• **Exercise**
The whole answer is the data below, retyped exactly.

• **Records for this exercise**
[Start of section]
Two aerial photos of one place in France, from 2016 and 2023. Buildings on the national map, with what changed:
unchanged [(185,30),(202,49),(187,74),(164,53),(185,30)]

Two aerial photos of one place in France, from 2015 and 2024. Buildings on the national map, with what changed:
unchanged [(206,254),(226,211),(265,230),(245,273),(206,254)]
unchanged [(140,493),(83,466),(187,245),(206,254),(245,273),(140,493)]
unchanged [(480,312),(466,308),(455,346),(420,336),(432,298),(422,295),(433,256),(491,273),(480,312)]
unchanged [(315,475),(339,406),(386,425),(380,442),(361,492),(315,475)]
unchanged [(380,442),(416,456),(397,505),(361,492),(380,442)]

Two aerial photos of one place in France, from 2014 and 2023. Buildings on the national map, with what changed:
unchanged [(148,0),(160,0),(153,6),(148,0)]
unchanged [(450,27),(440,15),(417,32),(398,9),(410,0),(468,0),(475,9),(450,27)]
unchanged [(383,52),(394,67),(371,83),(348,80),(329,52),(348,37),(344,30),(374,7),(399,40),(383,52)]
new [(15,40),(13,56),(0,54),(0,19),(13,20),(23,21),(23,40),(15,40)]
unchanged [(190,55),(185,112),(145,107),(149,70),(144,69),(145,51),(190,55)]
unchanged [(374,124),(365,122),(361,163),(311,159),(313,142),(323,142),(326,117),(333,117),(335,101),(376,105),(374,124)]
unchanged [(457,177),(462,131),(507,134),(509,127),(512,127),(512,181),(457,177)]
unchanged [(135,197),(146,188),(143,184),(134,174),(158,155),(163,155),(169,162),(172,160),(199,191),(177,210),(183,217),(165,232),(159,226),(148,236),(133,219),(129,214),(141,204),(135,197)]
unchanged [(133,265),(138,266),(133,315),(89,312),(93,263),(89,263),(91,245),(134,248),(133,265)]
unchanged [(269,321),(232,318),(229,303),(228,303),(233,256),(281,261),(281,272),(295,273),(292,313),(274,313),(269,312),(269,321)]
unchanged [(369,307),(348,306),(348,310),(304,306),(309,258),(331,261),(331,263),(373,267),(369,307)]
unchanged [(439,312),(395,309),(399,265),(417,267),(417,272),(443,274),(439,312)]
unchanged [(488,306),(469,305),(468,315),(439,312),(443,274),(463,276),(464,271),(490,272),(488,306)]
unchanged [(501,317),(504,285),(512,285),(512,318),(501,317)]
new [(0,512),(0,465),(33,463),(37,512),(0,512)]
[End of section]
• **Result of the exercise**
Two aerial photos of one place in France, from 2016 and 2023. Buildings on the national map, with what changed:
unchanged [(185,30),(202,49),(187,74),(164,53),(185,30)]

Two aerial photos of one place in France, from 2015 and 2024. Buildings on the national map, with what changed:
unchanged [(206,254),(226,211),(265,230),(245,273),(206,254)]
unchanged [(140,493),(83,466),(187,245),(206,254),(245,273),(140,493)]
unchanged [(480,312),(466,308),(455,346),(420,336),(432,298),(422,295),(433,256),(491,273),(480,312)]
unchanged [(315,475),(339,406),(386,425),(380,442),(361,492),(315,475)]
unchanged [(380,442),(416,456),(397,505),(361,492),(380,442)]

Two aerial photos of one place in France, from 2014 and 2023. Buildings on the national map, with what changed:
unchanged [(148,0),(160,0),(153,6),(148,0)]
unchanged [(450,27),(440,15),(417,32),(398,9),(410,0),(468,0),(475,9),(450,27)]
unchanged [(383,52),(394,67),(371,83),(348,80),(329,52),(348,37),(344,30),(374,7),(399,40),(383,52)]
new [(15,40),(13,56),(0,54),(0,19),(13,20),(23,21),(23,40),(15,40)]
unchanged [(190,55),(185,112),(145,107),(149,70),(144,69),(145,51),(190,55)]
unchanged [(374,124),(365,122),(361,163),(311,159),(313,142),(323,142),(326,117),(333,117),(335,101),(376,105),(374,124)]
unchanged [(457,177),(462,131),(507,134),(509,127),(512,127),(512,181),(457,177)]
unchanged [(135,197),(146,188),(143,184),(134,174),(158,155),(163,155),(169,162),(172,160),(199,191),(177,210),(183,217),(165,232),(159,226),(148,236),(133,219),(129,214),(141,204),(135,197)]
unchanged [(133,265),(138,266),(133,315),(89,312),(93,263),(89,263),(91,245),(134,248),(133,265)]
unchanged [(269,321),(232,318),(229,303),(228,303),(233,256),(281,261),(281,272),(295,273),(292,313),(274,313),(269,312),(269,321)]
unchanged [(369,307),(348,306),(348,310),(304,306),(309,258),(331,261),(331,263),(373,267),(369,307)]
unchanged [(439,312),(395,309),(399,265),(417,267),(417,272),(443,274),(439,312)]
unchanged [(488,306),(469,305),(468,315),(439,312),(443,274),(463,276),(464,271),(490,272),(488,306)]
unchanged [(501,317),(504,285),(512,285),(512,318),(501,317)]
new [(0,512),(0,465),(33,463),(37,512),(0,512)]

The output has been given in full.